Photograph by JOSHUA IRWANDI

The photo that shook a nation: Joshua Irwandi’s stark Nat Geo photograph, pictured above, made a nation confront its COVID-19 denialism. On Friday, Irwandi was named a Pulitzer Prize finalist in breaking news photography. Here’s the story behind his image of a COVID victim in an Indonesian hospital, alone, wrapped in cellophane before burial. Late Friday, Josh told us that he appreciated the recognition, adding that he hoped it would help break down barriers to freedom of the press, "not only in Indonesia, but anywhere where journalists are silenced."

Emerging: 
Photo students in the Bronx, many of them in their teens, described their lives emerging from lockdown and COVID-19 in a series of self-portraits published by the New York Times. Dennise Reyes, 17, described dancing cumbia, zapateados, and rock en espanol as a way to remember her grandfather, who died of COVID in April 2020. “I know he’s right next to me watching me laugh,” she says. “Every spin and stomp makes me feel free.” See the images.
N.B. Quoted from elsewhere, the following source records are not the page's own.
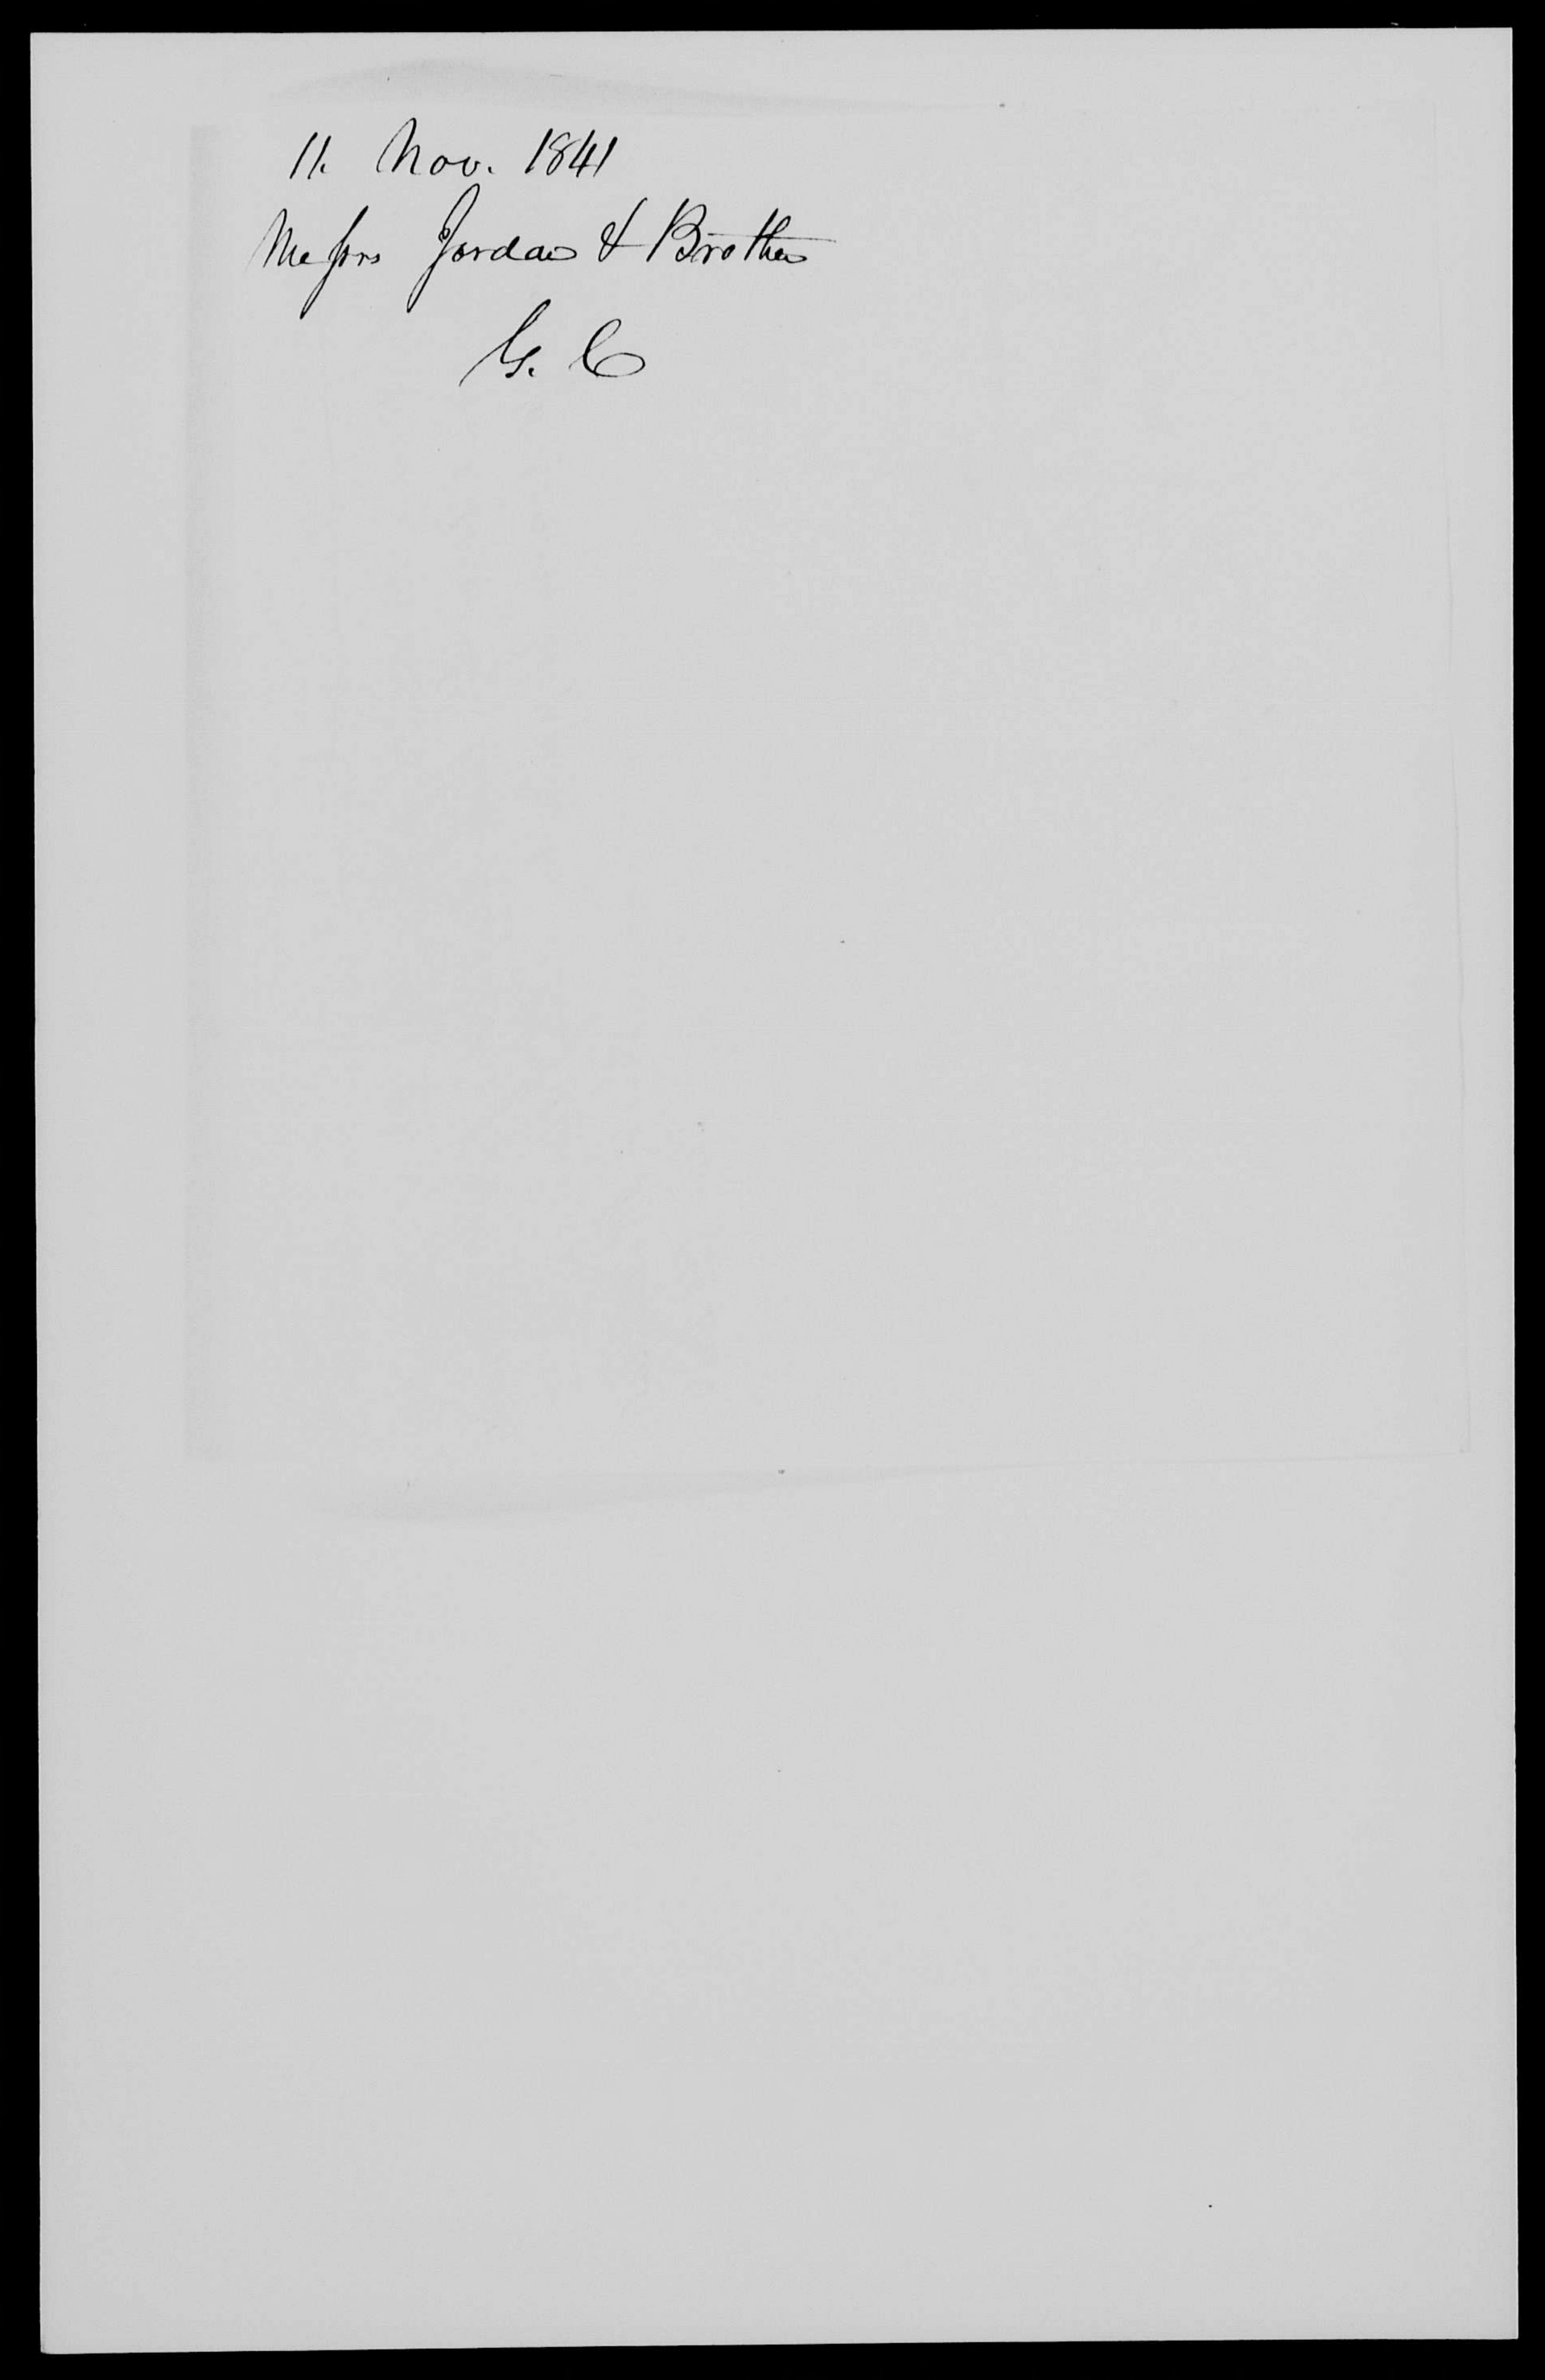11 Nov. 1841 [illegible] Jordan F Brother G. C

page: 68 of 79
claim: widow's
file: W. 2,906, Stephen Bennet, Conn.

Silver linings: For many older or prematurely graying Americans, the pandemic obliged—or enabled—them to go natural. Elinor Carucci created portraits of women who ditched societal pressures on their hair color. “Now it’s just about getting comfortable with the flux, and riding the wave wherever it may go,” one of the women photographed, Sausan Machari, 42, told the New Yorker.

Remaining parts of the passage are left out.